J.B. Stoner, an unrepentant white supremacist and anti-Semite convicted in the civil rights-era bombing of a black church, has died at the age of  81.
STONER
J.B. Stoner in 1999 Joe Songer / Birmingham News file
/ Source: The Associated Press

J.B. Stoner, an unrepentant white supremacist and anti-Semite convicted in the civil rights-era bombing of a black church, has died. He was 81.

Stoner died Saturday at a nursing home of complications of pneumonia, said Judith Ragon, the wife of Stoner’s second cousin and legal guardian, Ronald Ragon.

A Georgia native, Stoner was one of the angriest voices in opposition to the civil rights movement. At age 18, he revived a dormant chapter of the Ku Klux Klan in Chattanooga, Tenn.
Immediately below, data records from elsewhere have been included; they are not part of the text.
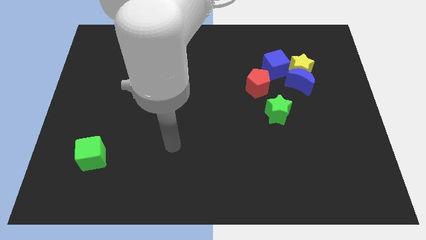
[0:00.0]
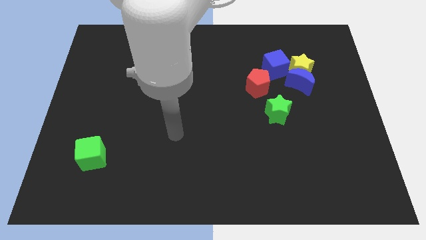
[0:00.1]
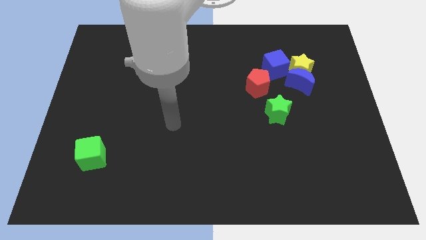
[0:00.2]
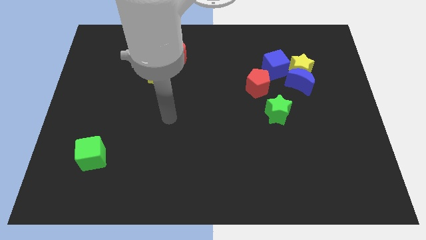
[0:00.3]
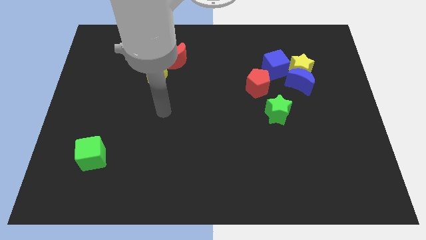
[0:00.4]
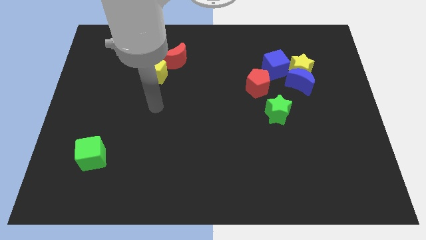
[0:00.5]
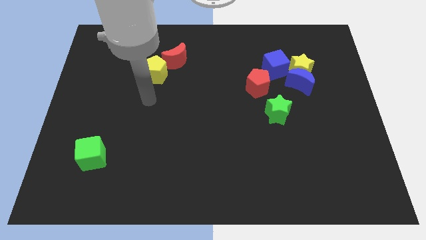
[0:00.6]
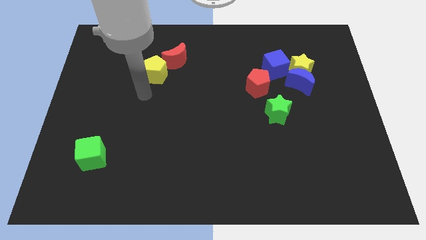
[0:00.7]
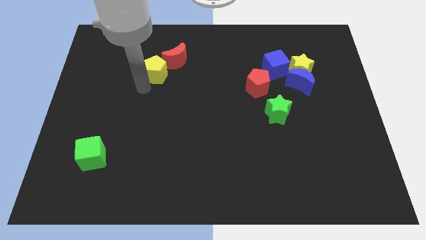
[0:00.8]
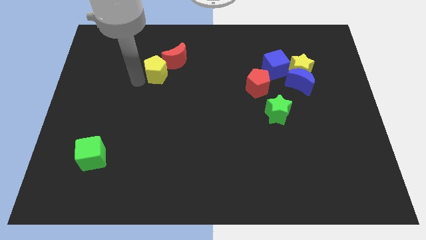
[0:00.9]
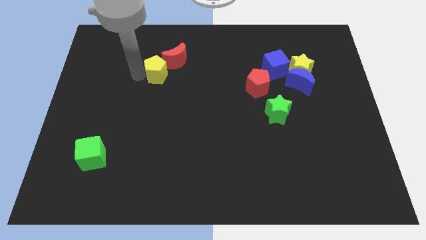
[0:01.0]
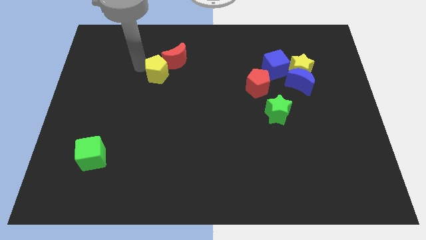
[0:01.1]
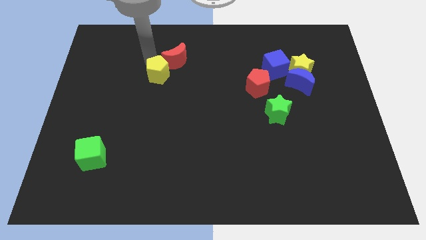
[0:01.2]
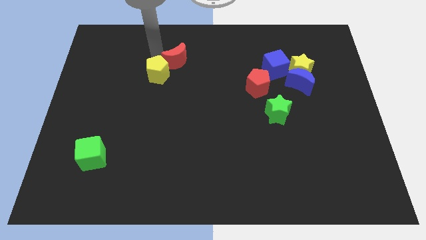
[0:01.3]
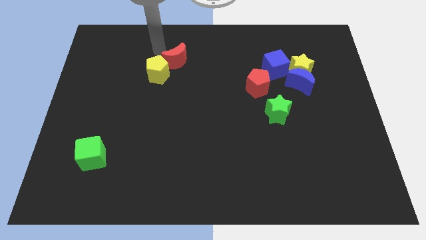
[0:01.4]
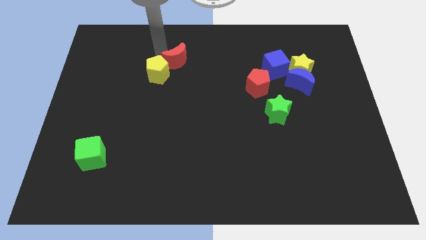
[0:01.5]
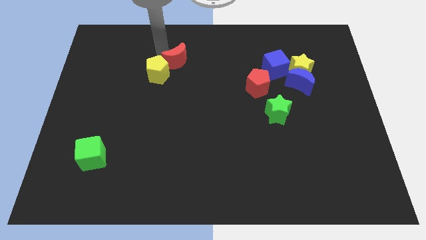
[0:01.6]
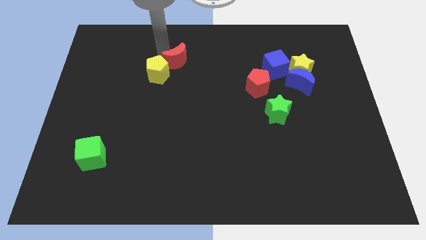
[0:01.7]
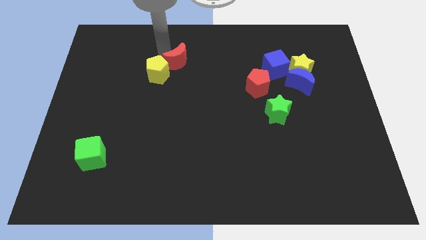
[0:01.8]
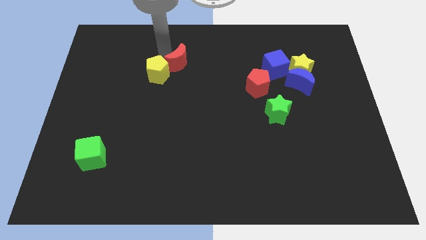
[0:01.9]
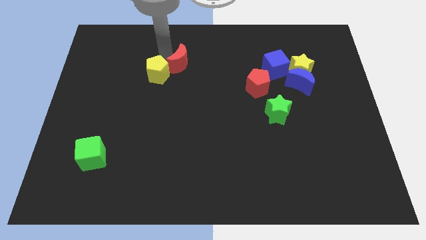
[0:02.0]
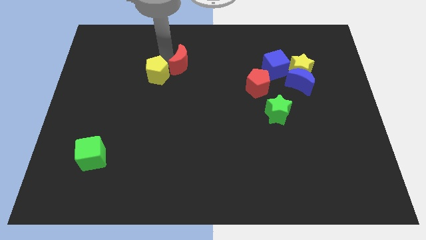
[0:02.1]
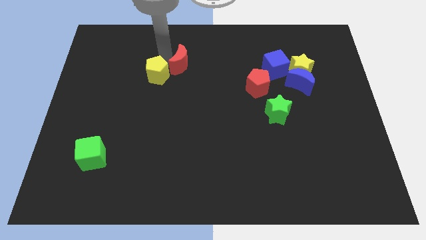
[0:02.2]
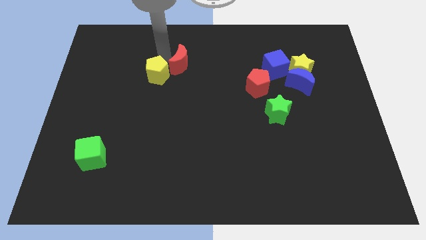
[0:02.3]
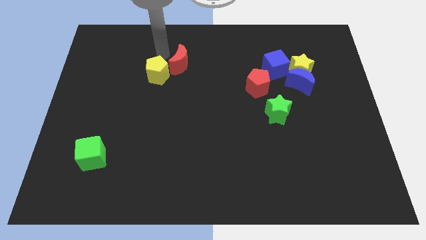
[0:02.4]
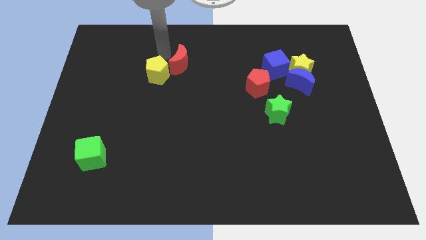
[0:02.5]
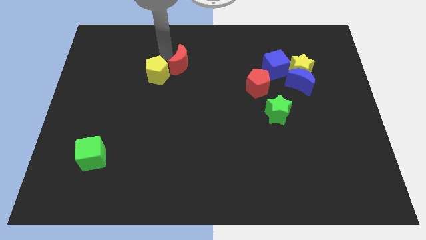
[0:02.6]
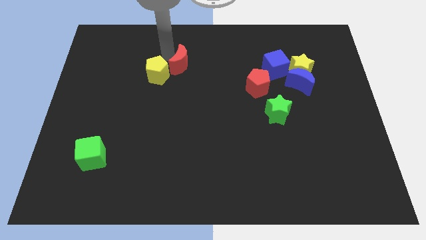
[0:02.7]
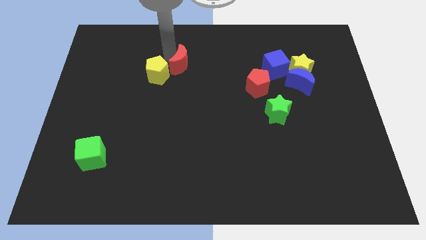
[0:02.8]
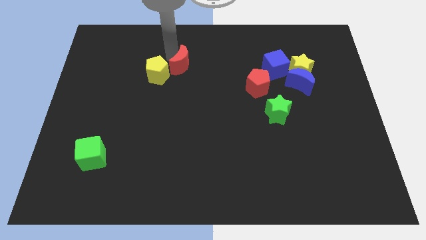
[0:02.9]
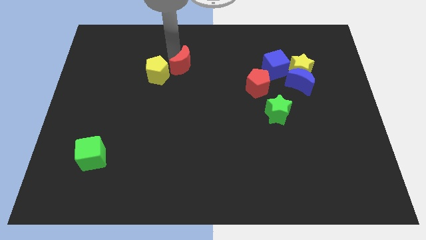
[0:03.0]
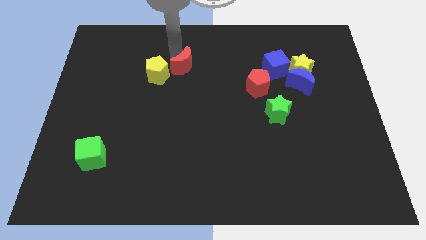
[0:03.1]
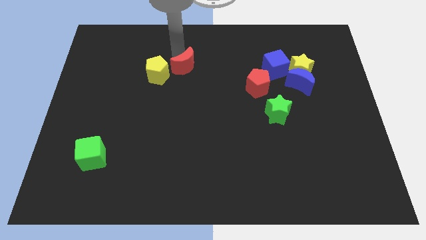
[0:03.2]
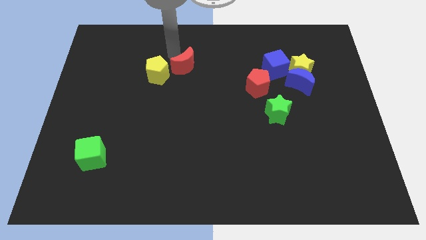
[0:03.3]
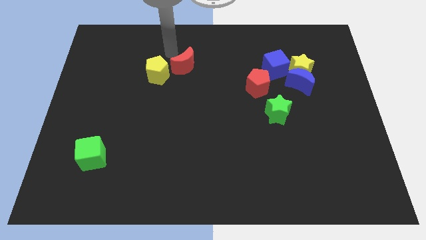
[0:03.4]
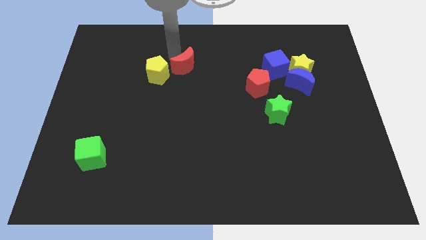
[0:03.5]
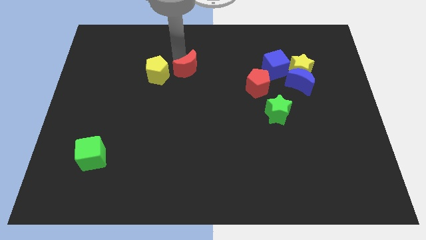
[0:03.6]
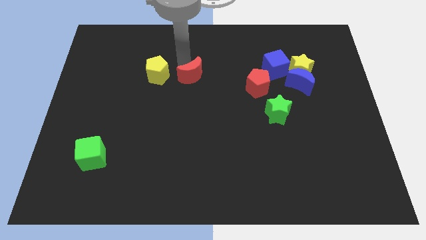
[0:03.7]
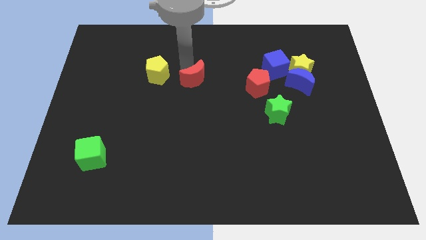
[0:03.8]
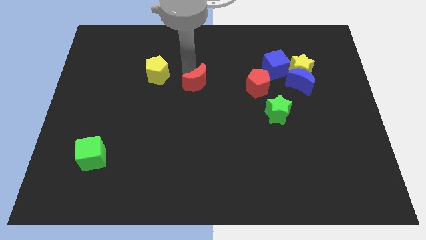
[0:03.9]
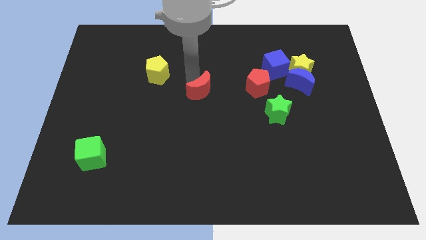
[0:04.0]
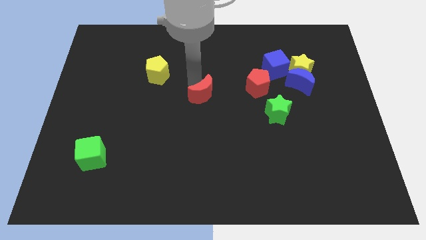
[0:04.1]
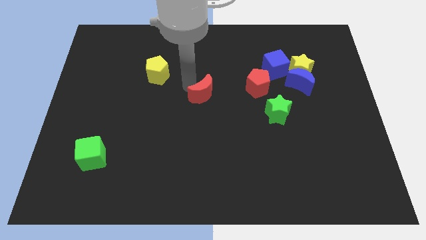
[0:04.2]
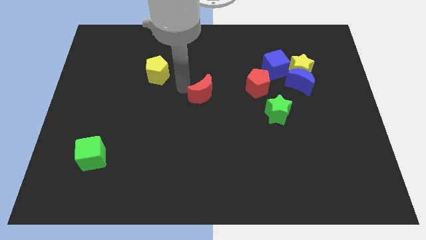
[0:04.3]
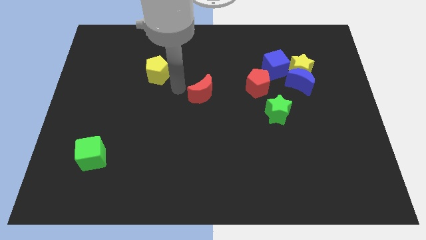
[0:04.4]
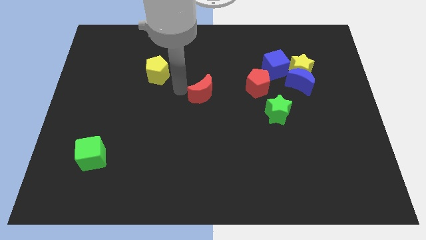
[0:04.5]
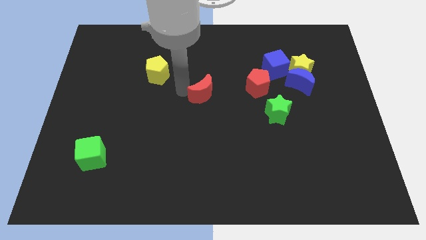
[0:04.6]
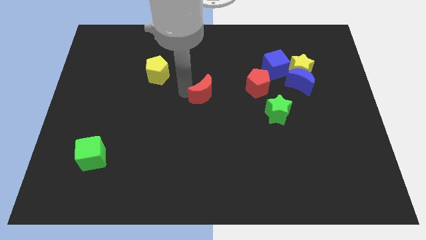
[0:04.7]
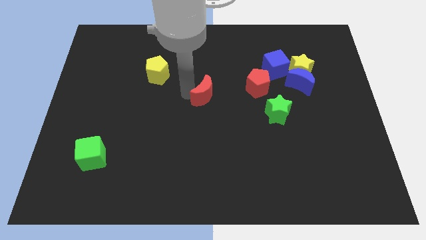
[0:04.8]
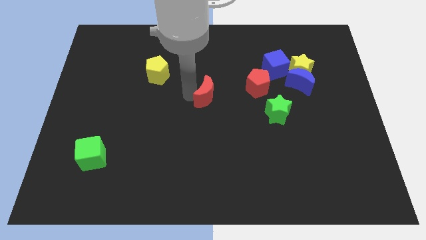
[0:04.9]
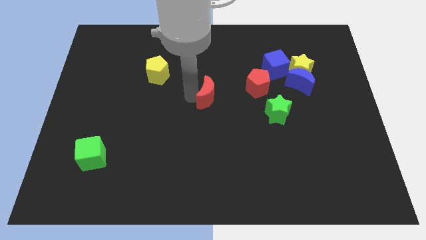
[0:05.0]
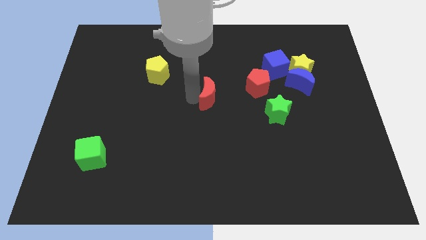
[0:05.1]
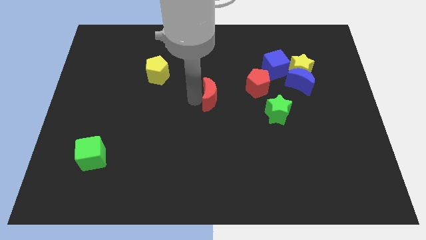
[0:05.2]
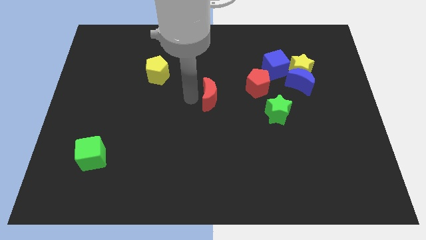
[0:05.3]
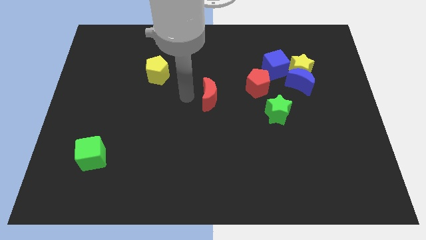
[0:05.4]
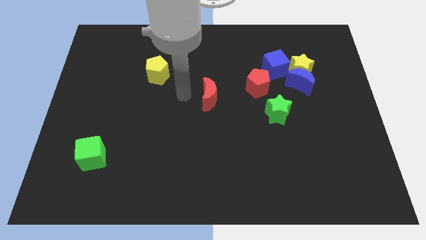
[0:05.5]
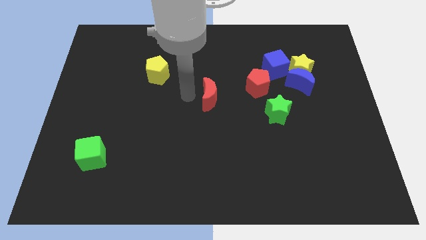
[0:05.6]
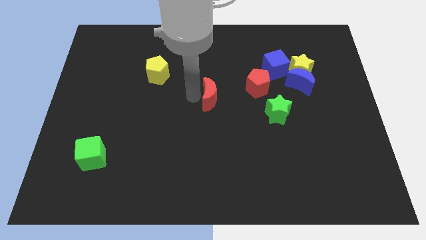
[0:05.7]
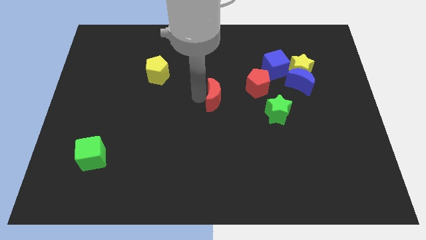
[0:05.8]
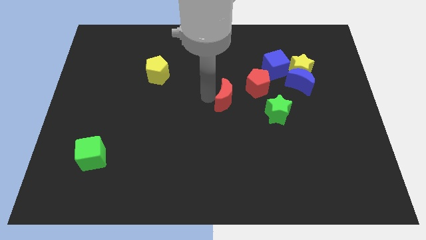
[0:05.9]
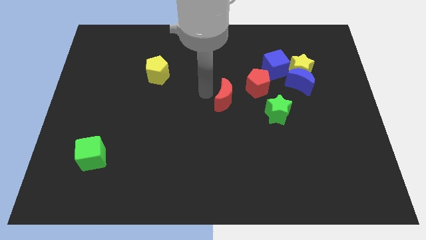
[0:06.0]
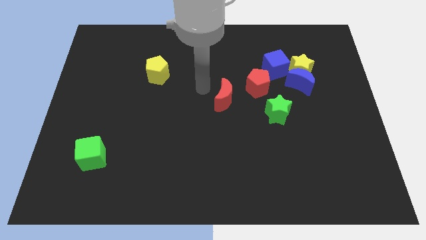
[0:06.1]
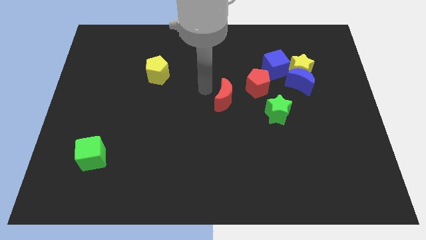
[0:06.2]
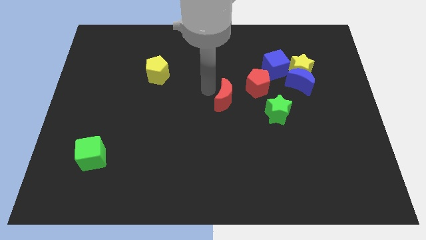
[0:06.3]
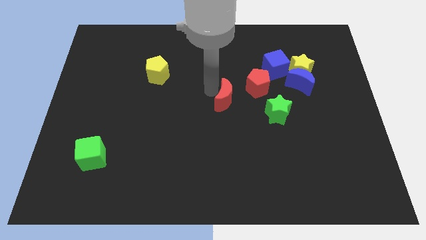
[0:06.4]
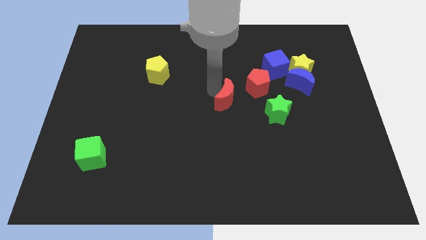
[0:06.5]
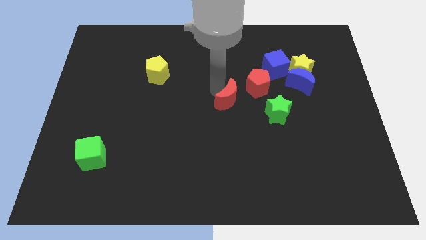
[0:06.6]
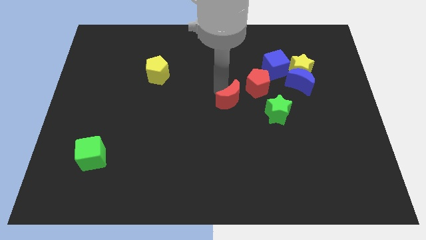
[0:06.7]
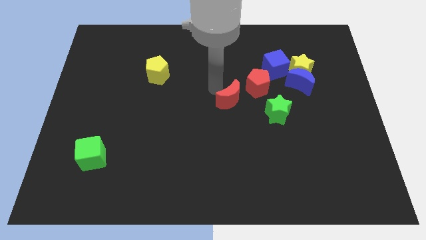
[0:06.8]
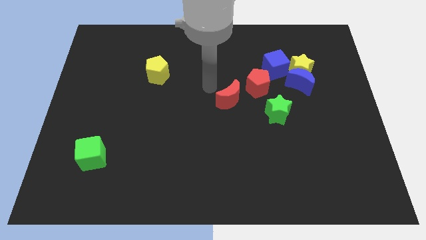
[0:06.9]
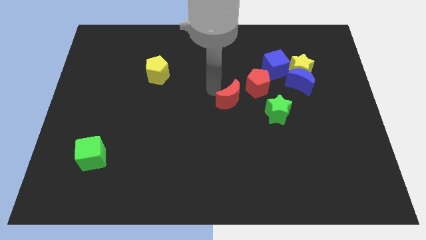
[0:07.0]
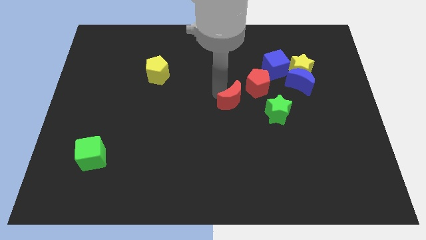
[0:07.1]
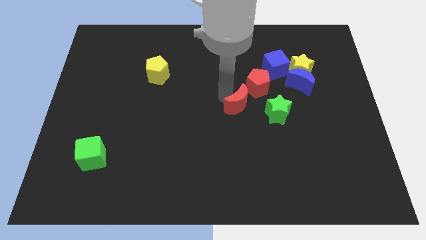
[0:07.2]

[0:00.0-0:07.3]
push the red moon diagonally downwards and to the right

A few years later he headed the Stoner Christian Anti-Jewish Party.

Stoner was a suspect in the 1958 bombing of Bethel Baptist Church in Birmingham, Ala., but he wasn’t indicted until 1977. The church was empty at the time of the bombing.

At his trial, he was convicted in part on the basis of venomous quotations he’d made at the time.
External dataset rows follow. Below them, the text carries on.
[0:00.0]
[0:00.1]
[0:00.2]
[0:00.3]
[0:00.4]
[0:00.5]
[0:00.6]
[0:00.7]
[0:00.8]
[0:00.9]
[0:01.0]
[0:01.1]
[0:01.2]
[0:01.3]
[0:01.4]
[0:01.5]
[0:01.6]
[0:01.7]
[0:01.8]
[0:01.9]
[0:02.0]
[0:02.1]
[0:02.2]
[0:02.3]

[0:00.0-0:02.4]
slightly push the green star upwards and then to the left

When asked if he made a hateful quotation found in an old newspaper clipping, Stoner replied, “I don’t think I said that, but I wish I had.” A mostly white jury found him guilty in 90 minutes.

But Stoner appealed the verdict and vanished for several months in 1983 when his appeals ran out. Stoner ultimately turned himself in and served 3½ years in prison before he was paroled in 1986.

Career fighting integration
It was the end of a long career fighting integration.

In 1964, Stoner arrived in St. Augustine, Fla., on the heels of Martin Luther King Jr. to organize a counter-demonstration. Stoner later became the appeals attorney for James Earl Ray, King’s assassin, and long tried to get his case reversed.

In 1970, Stoner ran unsuccessfully for Georgia governor in a race Jimmy Carter eventually won. In 1972, he ran for the U.S. Senate. In 1974, he drew 73,000 votes, almost 10 percent, in a race for lieutenant governor.

In at interview last year from his nursing home, Stoner — bedridden and partially paralyzed — remained unapologetic, saying, “a person isn’t supposed to apologize for being right.”

He never married, once telling an interviewer any woman “would be too dumb” for him.

Stoner was buried Tuesday in Chattanooga, Tenn. He is survived by two sisters.